Musl and Machine Learning Systems
Musl is a lightweight implementation of the C standard library designed to be simple, small, and efficient. It provides the essential components needed for systems programming and is focused on minimizing overhead and complexity. By offering a smaller memory footprint compared to other standard libraries like glibc (GNU C Library), musl is increasingly favored in environments where resources are limited, or performance is critical, such as embedded devices. It is especially popular in containerized environments like Docker, where the size and efficiency of the image are paramount.
On the other hand, machine learning, particularly deep learning, has become a foundational component of many modern applications. Whether it’s training neural networks or executing inference tasks, machine learning workloads often require significant computing resources, vast amounts of memory, and an efficient execution environment.Machine learning needs to process large datasets, run numerous matrix multiplications, and execute parallel computations.
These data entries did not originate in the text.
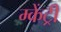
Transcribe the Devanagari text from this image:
म्केंट्री
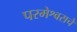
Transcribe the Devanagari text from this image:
परमेश्वराचें
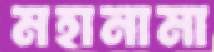
মহানামা
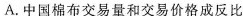
A.中国棉布交易量和交易价格成反比
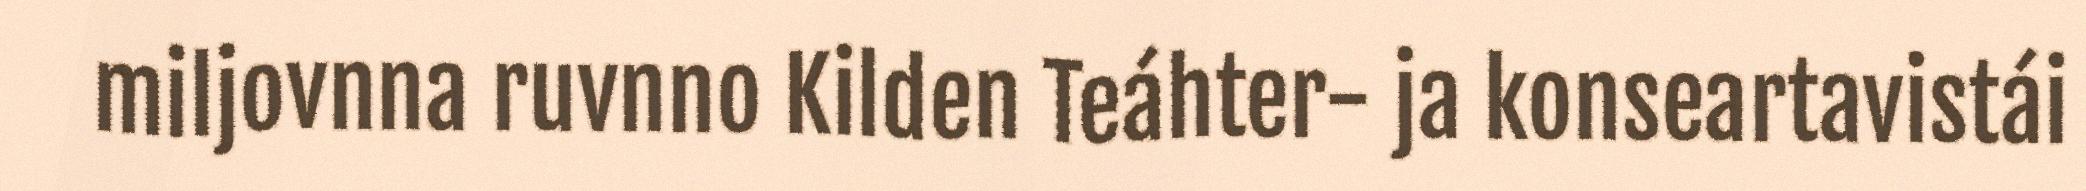
miljovnna ruvnno Kilden Teáhter- ja konseartavistái
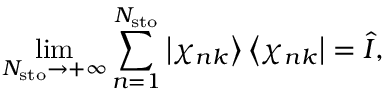
\operatorname* { l i m } _ { N _ { \mathrm { s t o } } \rightarrow + \infty } \sum _ { n = 1 } ^ { N _ { \mathrm { s t o } } } \left| \chi _ { n k } \right\rangle \left\langle \chi _ { n k } \right| = \hat { I } ,
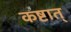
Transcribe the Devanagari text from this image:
कष्टात्
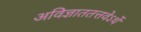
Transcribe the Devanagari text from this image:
अविज्ञाततत्तवेऽर्थे
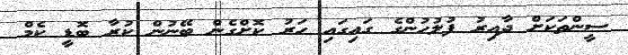
ސީންތަކަށް ދާއިރު ފުލުހުންގެ ގައިގައި ހަރު ކޮށްގެން ބޭނުން ކުރާ ބޮޑީ ކެމް
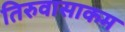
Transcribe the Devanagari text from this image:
तिरुवासाकम
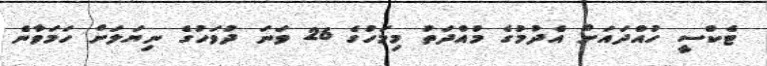
ޓެކްސީ ހުއްދައަށް އެދުމުގެ މުއްދަތު މިމަހުގެ 26 ވަނަ ދުވަހުގެ ނިޔަލަށް ހަމަވާނެ
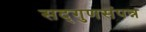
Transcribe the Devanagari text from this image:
सद्‌गुणसंपन्न
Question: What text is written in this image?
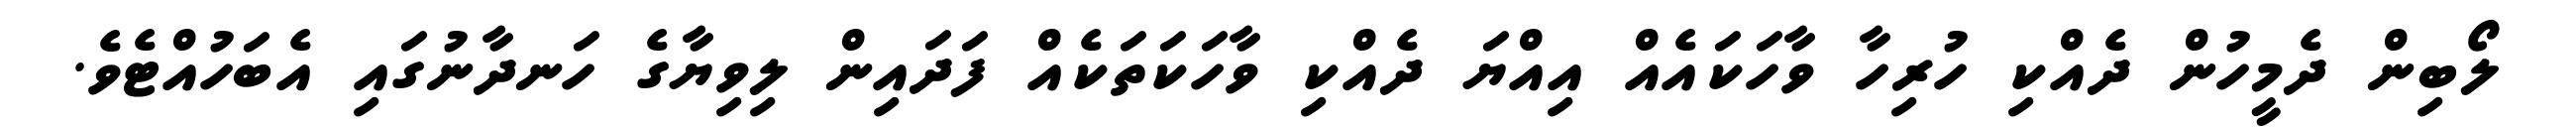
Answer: ލޯބިން ދެމީހުން ދެއްކި ހުރިހާ ވާހަކައެއް އިއްޔަ ދެއްކި ވާހަކަތަކެއް ފަދައިން ލިވިޔާގެ ހަނދާނުގައި އެބަހުއްޓެވެ.
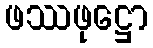
ဖဿဖုဋ္ဌော
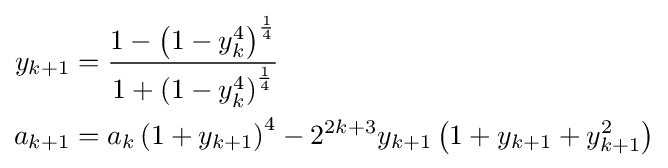
{\begin{aligned}y_{k+1}&={\frac {1-\left(1-y_{k}^{4}\right)^{\frac {1}{4}}}{1+\left(1-y_{k}^{4}\right)^{\frac {1}{4}}}}\\a_{k+1}&=a_{k}\left(1+y_{k+1}\right)^{4}-2^{2k+3}y_{k+1}\left(1+y_{k+1}+y_{k+1}^{2}\right)\end{aligned}}
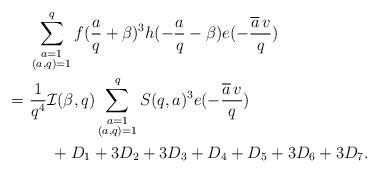
LaTeX: \begin{align*}&\ \sum_{\substack{a=1\\ (a,q)=1}}^qf(\frac{a}{q}+\beta)^3h(-\frac{a}{q}-\beta)e(-\frac{\overline{a}\,v}{q})\\=&\ \frac{1}{q^4}\mathcal{I}(\beta,q)\sum_{\substack{a=1\\(a,q)=1}}^qS(q,a)^3e(-\frac{\overline{a}\,v}{q})\\&\ \ \ \ \ +D_1+3D_2+3D_3+D_4+D_5+3D_6+3D_7.\end{align*}
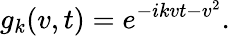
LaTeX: g_{k}(v,t)=e^{-ikvt-v^{2}}.
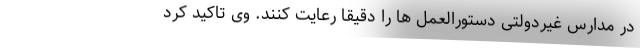
در مدارس غیردولتی دستورالعمل ها را دقیقا رعایت کنند. وی تاکید کرد
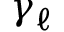
\gamma _ { \ell }
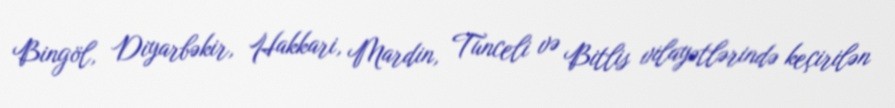
Bingöl, Diyarbəkir, Hakkari, Mardin, Tunceli və Bitlis vilayətlərində keçirilən

This requires optimized libraries, tools, and frameworks like PyTorch, scikit-learn, etc. along with the underlying system libraries that help ensure that the code runs as efficiently as possible.
So, in the end what is the connection between them?
At first glance, it might seem that musl and machine learning belong to completely different realms. However, the relation between them is becoming more apparent, especially as machine learning shifts toward more resource-efficient and edge-computing environments. Many machine learning systems today, including those built with frameworks like TensorFlow and PyTorch, often rely on CPython for development and deployment. As these systems are increasingly used in embedded and resource-constrained environments, such as IoT devices, the underlying system’s C library (whether glibc or musl) becomes crucial.
However, there are many problems…
Integrating musl into machine learning systems comes with certain challenges. The most notable is compatibility. Since many machine learning and data processing libraries are optimized for glibc, certain features and packages, may require additional effort to work seamlessly in a musl-based environment.
Not long ago, we migrated the docker images used by our java application from a glibc-based image (Red Hat) to a musl-based image (Alpine). While this migration presented several challenges, one of the most critical issues surfaced recently. The problem occurred when we attempted to import a Parquet data source from a file that had been compressed using the Snappy algorithm. We encountered the following error:
Error loading shared library ld-linux-x86-64.so.2: No such file or directory.
The Snappy Java library is built specifically for glibc and does not support musl natively. The dynamic linking process fails, as musl doesn’t include the ld-linux-x86-64.so.2 library that glibc does. Ideally, we would have Snappy compiled for musl, but currently the snappy package for java is not compatible with musl out of the box and requires manually building the image.
In previous versions of Snappy (before 1.1.9.0), there was a pure-Java mode that allowed Snappy to run on unsupported systems with a special flag. Unfortunately, this feature was removed in version 1.1.9.0 due to some issues like data corruption. Moreover, older versions of Snappy contain critical security vulnerabilities, making them unsuitable for use.
Solving this compatibility issue
While having Snappy natively compiled against musl would be the best solution for this problem, there is a workaround that leverages existing tools in the Alpine ecosystem. Alpine images provide compatibility packages like gcompat and libc6-compat, which include libraries to help run binaries compiled against glibc. It is important to refrain that this libraries only allow to run binaries that are already compiled using glibc and not and cannot be used to build software that requires glibc.
In our case, the libc6-compat package includes the ld-linux-x86-64.so.2 library, which creates a symlink /lib64/ld-linux-x86-64.so.2 that points to /lib/libc.musl-x86_64.so.1. Since snappy looks for the lib under the /lib/ folder, by creating a symlink from /lib/ld-linux-x86-64.so.2 to /lib/ld-musl-x86_64.so.1, we were able to trick Snappy into finding the dependency it was looking for, thus resolving the issue.
While this workaround might resolve the issue, it could introduce problems elsewhere in the application, as compatibility layers can cause unforeseen issues. The recommended solution is to compile the binary against your own system and do the necessary performance checks. I’ve submitted a pull request in the open source repository to ensure that future releases of Snappy Java will include this compatibility natively, eliminating the need for workarounds or manual compilation against a musl system.
Changes to base images should always be considered carefully
Migrating to Alpine Linux offers significant benefits, such as smaller docker images and improved performance. However, it can also present challenges, especially when working with software tightly coupled to glibc, as is often the case with machine learning and data pipelines.